The entries need to be copied exactly as they stand, images left out.

Record excerpts START

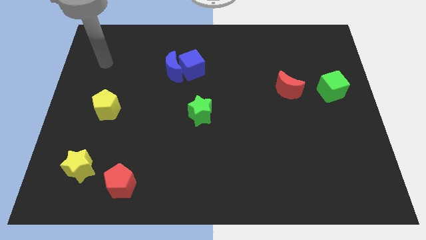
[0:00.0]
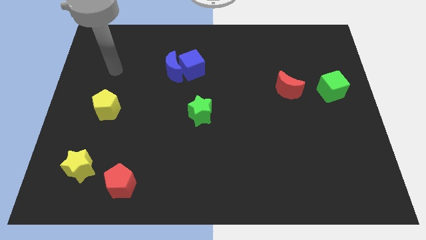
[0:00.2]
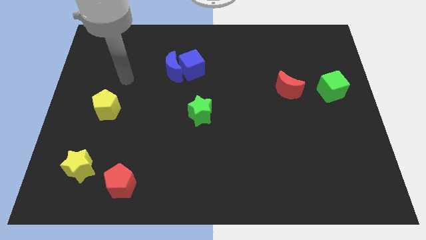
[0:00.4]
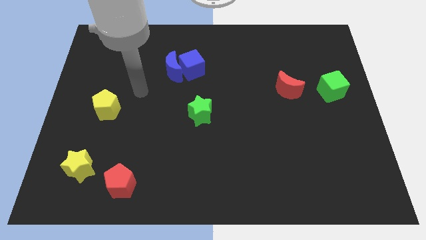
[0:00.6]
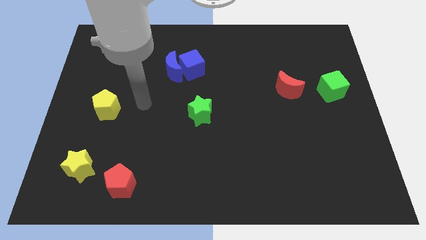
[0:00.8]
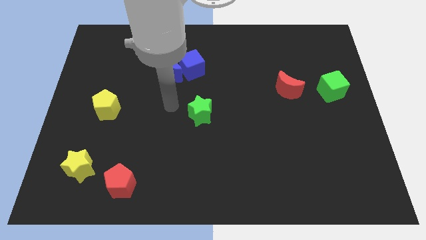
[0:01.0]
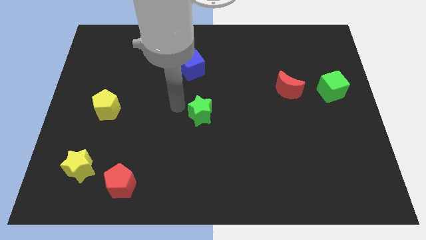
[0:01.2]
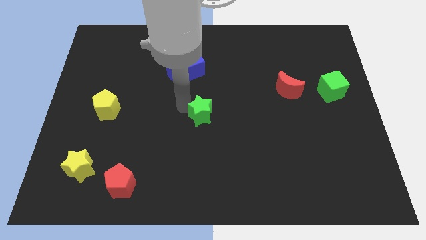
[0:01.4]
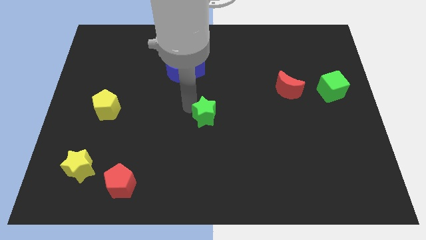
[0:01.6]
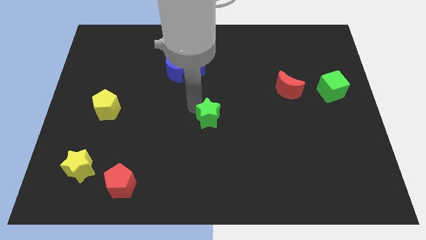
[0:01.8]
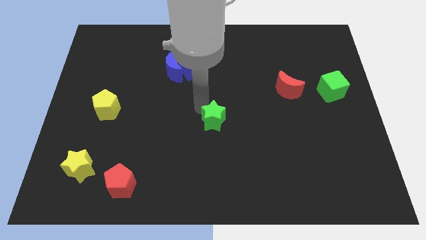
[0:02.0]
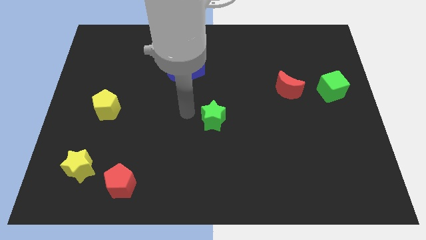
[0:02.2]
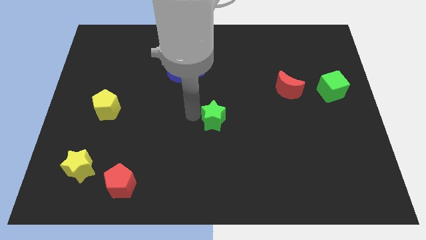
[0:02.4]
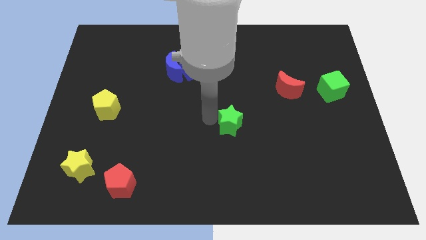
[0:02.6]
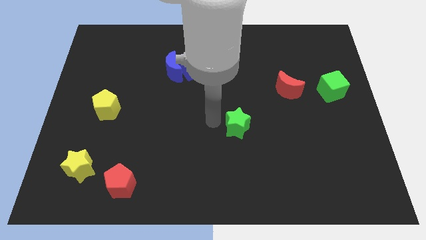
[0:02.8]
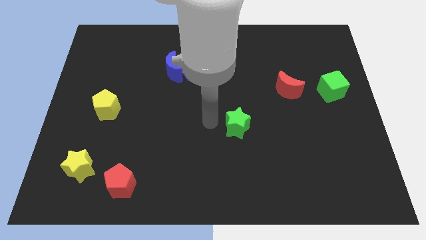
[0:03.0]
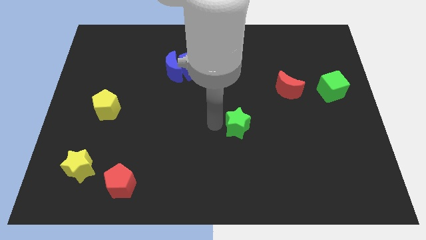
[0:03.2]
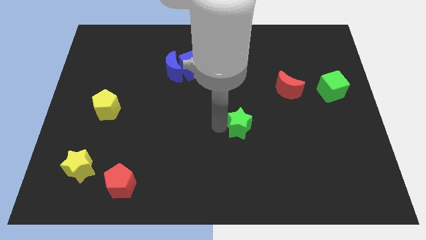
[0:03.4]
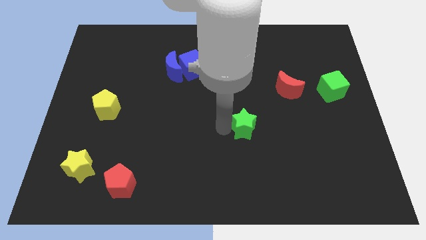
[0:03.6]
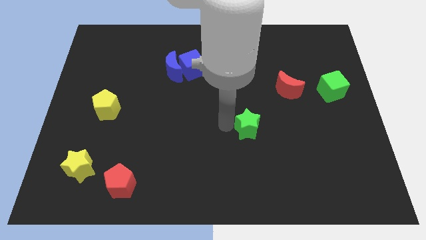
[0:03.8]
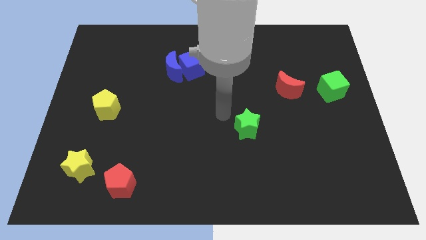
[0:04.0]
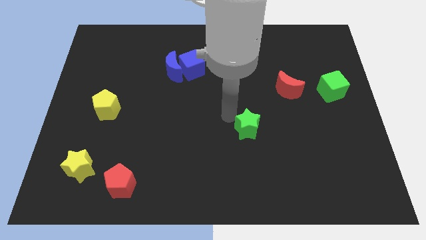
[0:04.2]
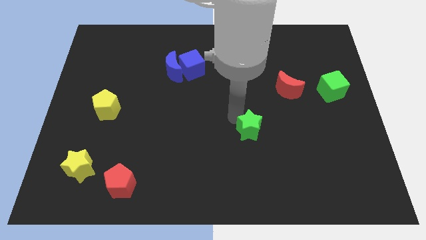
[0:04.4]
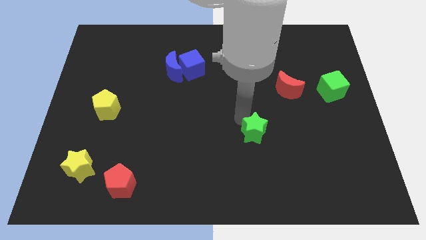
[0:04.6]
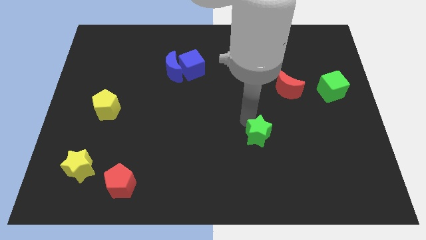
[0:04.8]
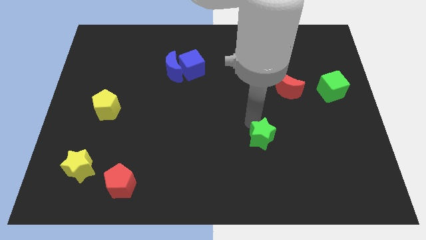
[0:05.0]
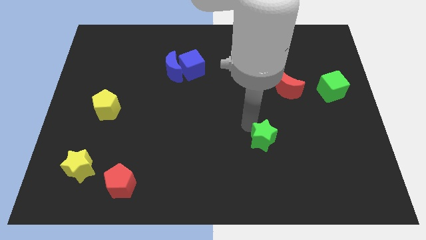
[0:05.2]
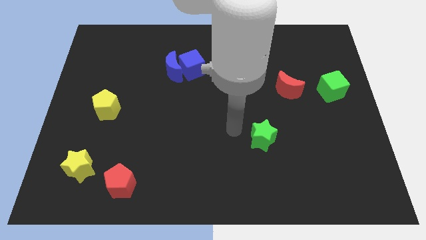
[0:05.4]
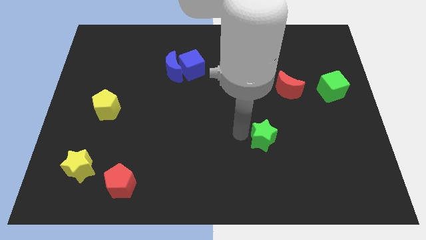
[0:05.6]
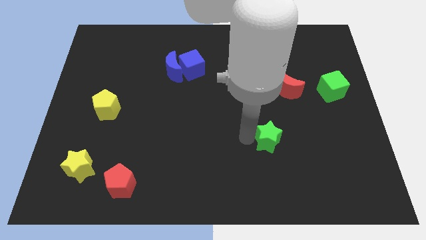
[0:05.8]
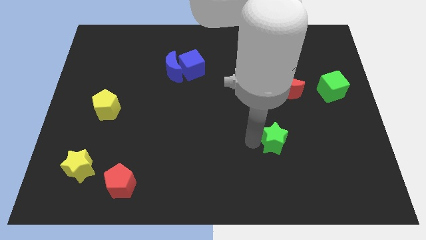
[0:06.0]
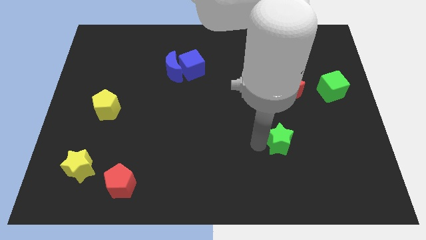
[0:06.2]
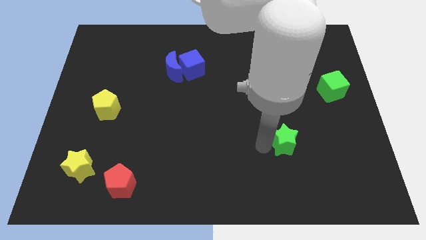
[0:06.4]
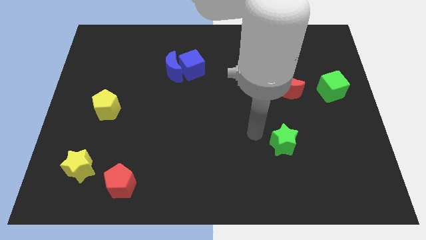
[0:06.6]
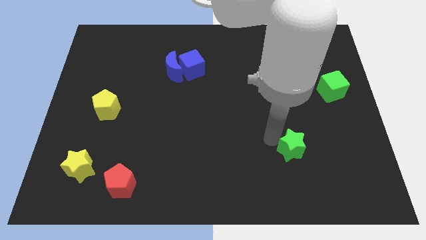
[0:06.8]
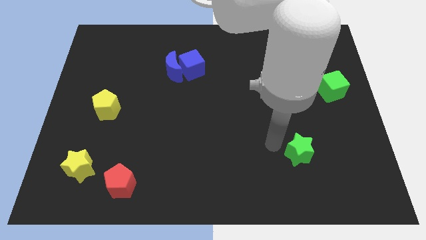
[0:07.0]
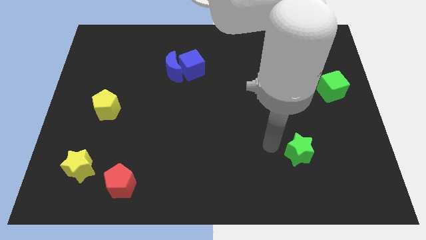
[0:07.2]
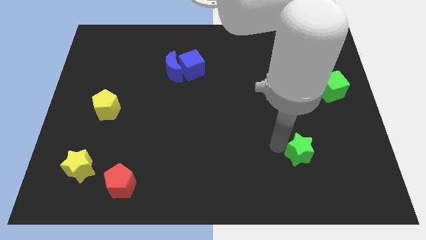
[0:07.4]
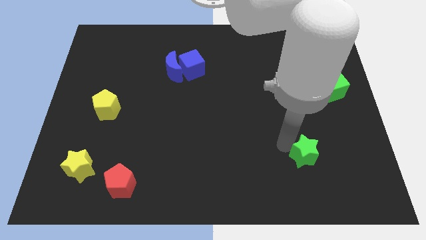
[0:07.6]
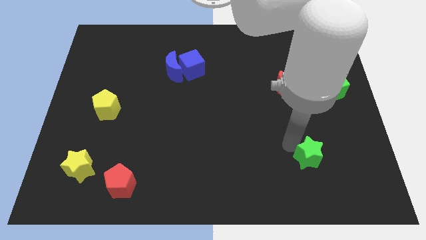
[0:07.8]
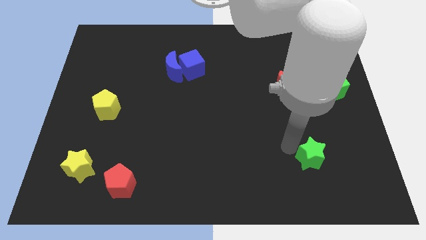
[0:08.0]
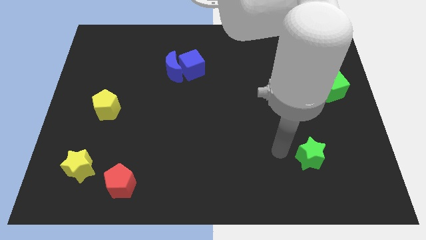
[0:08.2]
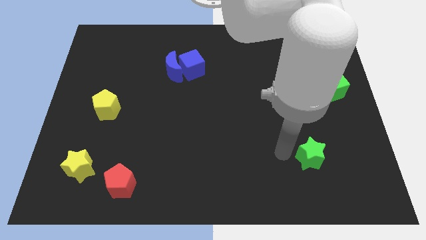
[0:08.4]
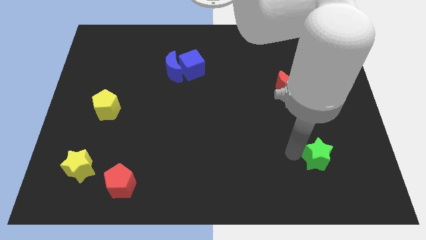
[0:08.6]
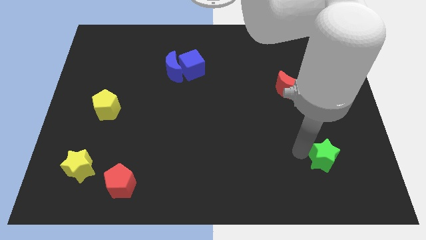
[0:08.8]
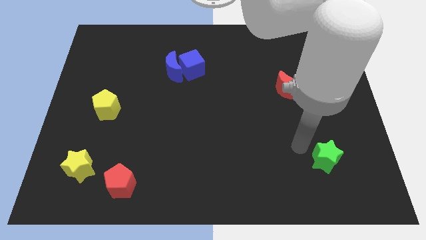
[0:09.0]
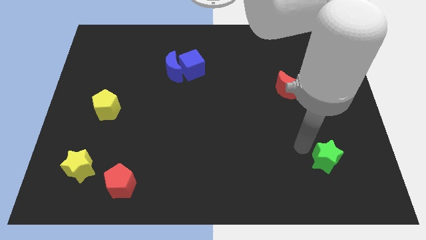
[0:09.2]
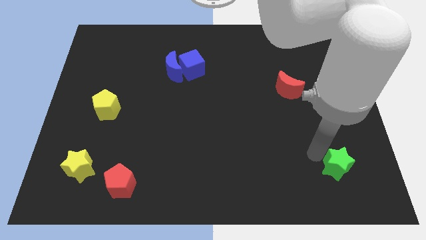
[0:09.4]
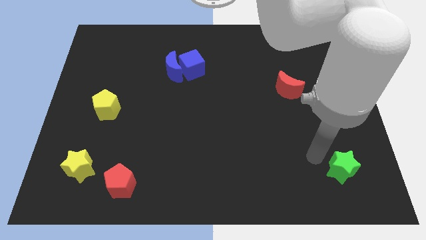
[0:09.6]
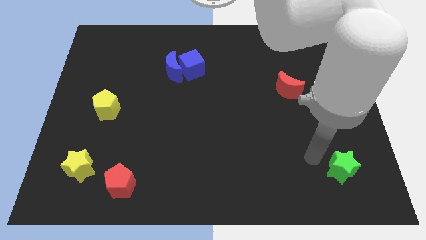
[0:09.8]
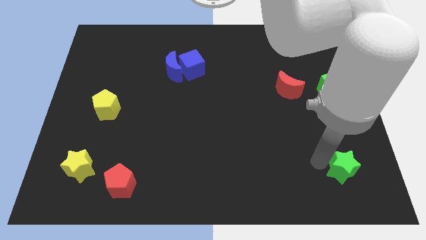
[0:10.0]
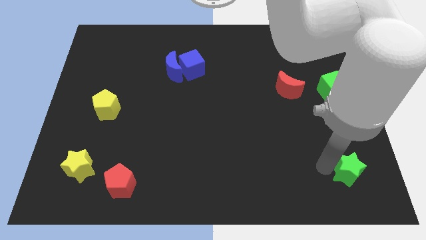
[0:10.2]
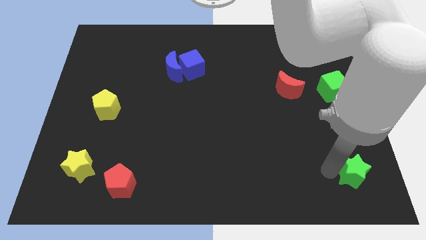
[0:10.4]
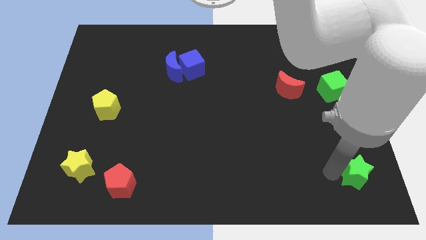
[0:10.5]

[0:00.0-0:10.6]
move the green star to the bottom right corner

Record excerpts END

**Reply to the exercise**
[0:00.0]
[0:00.2]
[0:00.4]
[0:00.6]
[0:00.8]
[0:01.0]
[0:01.2]
[0:01.4]
[0:01.6]
[0:01.8]
[0:02.0]
[0:02.2]
[0:02.4]
[0:02.6]
[0:02.8]
[0:03.0]
[0:03.2]
[0:03.4]
[0:03.6]
[0:03.8]
[0:04.0]
[0:04.2]
[0:04.4]
[0:04.6]
[0:04.8]
[0:05.0]
[0:05.2]
[0:05.4]
[0:05.6]
[0:05.8]
[0:06.0]
[0:06.2]
[0:06.4]
[0:06.6]
[0:06.8]
[0:07.0]
[0:07.2]
[0:07.4]
[0:07.6]
[0:07.8]
[0:08.0]
[0:08.2]
[0:08.4]
[0:08.6]
[0:08.8]
[0:09.0]
[0:09.2]
[0:09.4]
[0:09.6]
[0:09.8]
[0:10.0]
[0:10.2]
[0:10.4]
[0:10.5]

[0:00.0-0:10.6]
move the green star to the bottom right corner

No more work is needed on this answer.